# Need to rent a house near Arnhem NL



## Woderwick (Jan 2, 2014)

Hi all,

I'm moving over to the Arnhem area from the UK in March with my family but I'm finding it impossible to rent a house via the normal web sites as we have two dogs that are coming with us, so far all the web sites refuse to allow dogs in any of the homes they have up for rent. Times starting to run short and we still have nowhere to move to.

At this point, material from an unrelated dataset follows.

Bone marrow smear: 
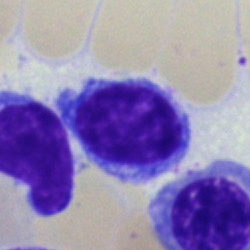
Morphology — typical lymphocyte.

Any advise as to how to find a home would be greatly appreciated.

Thx


----------



## Chamo (Oct 24, 2013)

*House Arnhem*



Woderwick said:


> Hi all,
> 
> I'm moving over to the Arnhem area...we have two dogs... advise how to find a home
> 
> Thx


We lived in Arnhem. I would go to the Aletta Jacobs Schoool (which hosts the local international primary school) a little before the end of the school day. Expat parents mingle in the play ground a few minutes before and after school lets out; maybe they'll know someone looking to rent something that is pet friendly. Just approach them they are a great wealth of information. Folk interested in doing business with expats tend to inform the expats that are already there in the hope that they will spread the word. At the secondary parents don't linger around so your best bet is the primary. Make sure to check out the bulletin board located in the corridor just as you enter the front door at the primary. Many times individuals renting homes place flyers there. 

Of course ask to get a tour of the school at the office first. But they are nice folk. Also Arnhem/Gelderland expat web site: http://ircforyou.info/irc/


----------